The number of layers of the graphene prepared by the method is less than 5; meanwhile, the obtained graphene has good water dispersibility, and does not precipitate after standing for 1 month.

The polyvinyl alcohol/graphene composite material prepared by the invention has excellent mechanical property and flame retardant property. Wherein, the storage modulus of the composite material reaches more than 407.2MPa, and the storage modulus is higher than 546.5 MPa; the tensile stress reaches more than 67.08MPa, and the higher tensile stress reaches 80.25 MPa; the peak value of the maximum heat release rate (PHRR) is more than 201W/g, and the peak value is higher to 510W/g. In terms of flame retardant properties: the maximum heat release rate peak value (PHRR) of the polyvinyl alcohol is gradually reduced along with the increase of the addition amount of the graphene, and the maximum heat release rate peak value (PHRR) can be reduced from 510W/g to 201W/g and is reduced by 60.6%.

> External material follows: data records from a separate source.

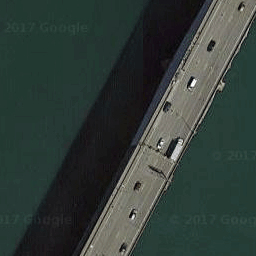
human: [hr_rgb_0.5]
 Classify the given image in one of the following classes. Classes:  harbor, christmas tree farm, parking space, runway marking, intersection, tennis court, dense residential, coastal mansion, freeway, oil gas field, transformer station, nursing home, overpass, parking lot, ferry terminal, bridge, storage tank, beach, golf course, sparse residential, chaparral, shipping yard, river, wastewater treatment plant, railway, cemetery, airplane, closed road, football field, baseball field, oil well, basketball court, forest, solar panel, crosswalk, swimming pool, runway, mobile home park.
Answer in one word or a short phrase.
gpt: bridge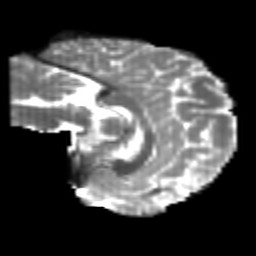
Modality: T2w
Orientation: sagittal
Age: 21
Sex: female
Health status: healthy
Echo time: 0.074 s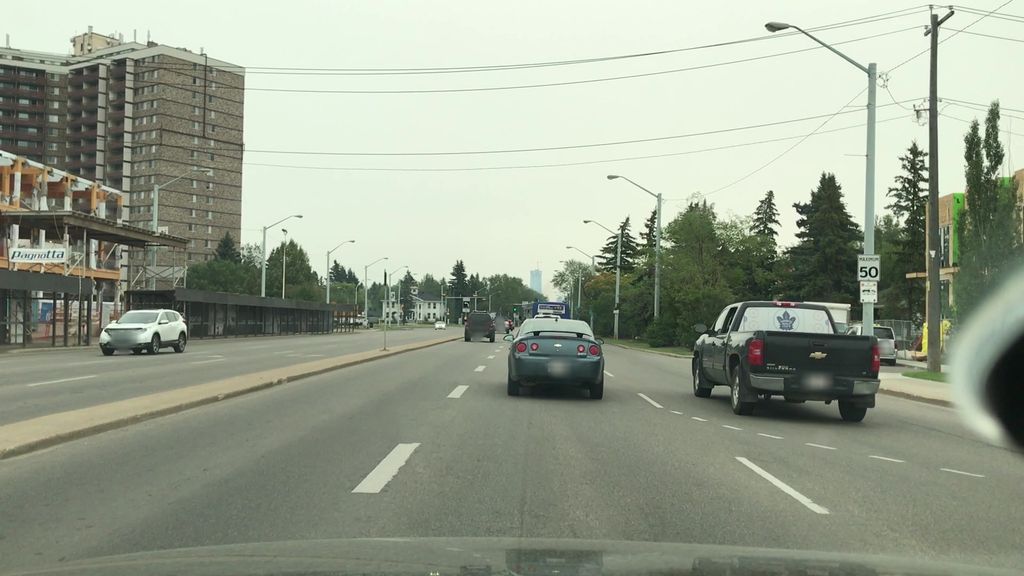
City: edmonton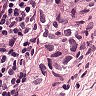
Metastatic tissue present: yes
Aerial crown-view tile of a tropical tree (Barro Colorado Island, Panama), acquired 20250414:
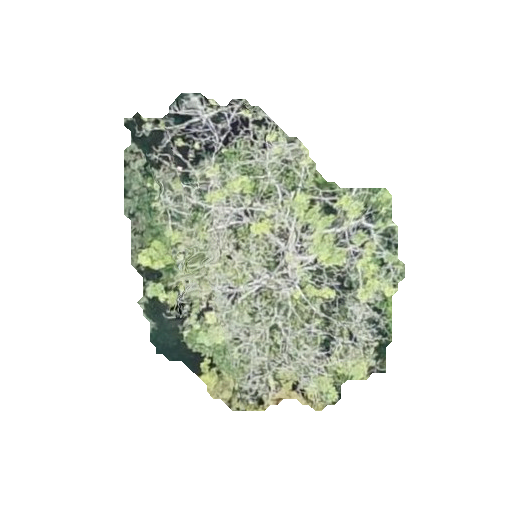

The polyvinyl alcohol/graphene composite material with high elastic modulus and flame retardant property has wide application prospect in the fields of textile, medical industry, food industry, building, wood processing, chemical industry and the like.

Drawings

Fig. 1(a) is a digital photograph of an aqueous solution of water-dispersible graphene prepared by the method of the present invention after being left for 1 month; (b) is graphite water solution;

FIG. 2 high power TEM image of water dispersed graphene;

FIG. 3 is an X-ray photoelectron spectrum of water-dispersed graphene;

FIG. 4 dynamic thermo-mechanical analysis measured storage modulus curve of polyvinyl alcohol/graphene nanocomposite;

FIG. 5 is a plot of heat release rate as measured by microcalorimetry for polyvinyl alcohol/graphene nanocomposites;

FIG. 6 is a graph showing the change of mechanical properties of composite materials with different contents of polyvinyl alcohol and graphene;

FIG. 7 TEM image of a cross section of polyvinyl alcohol/0.3% graphene nanocomposite.

Detailed Description

In order to further illustrate the present invention, the following embodiments are given to describe the electrochemical preparation of water-dispersible graphene and the preparation method for improving the flame retardant property and mechanical property of polyvinyl alcohol in detail.

In the following examples, polyvinyl alcohol was purchased from Michael reagent, having a polymerization degree of 1700 to 1800, and was soluble in water.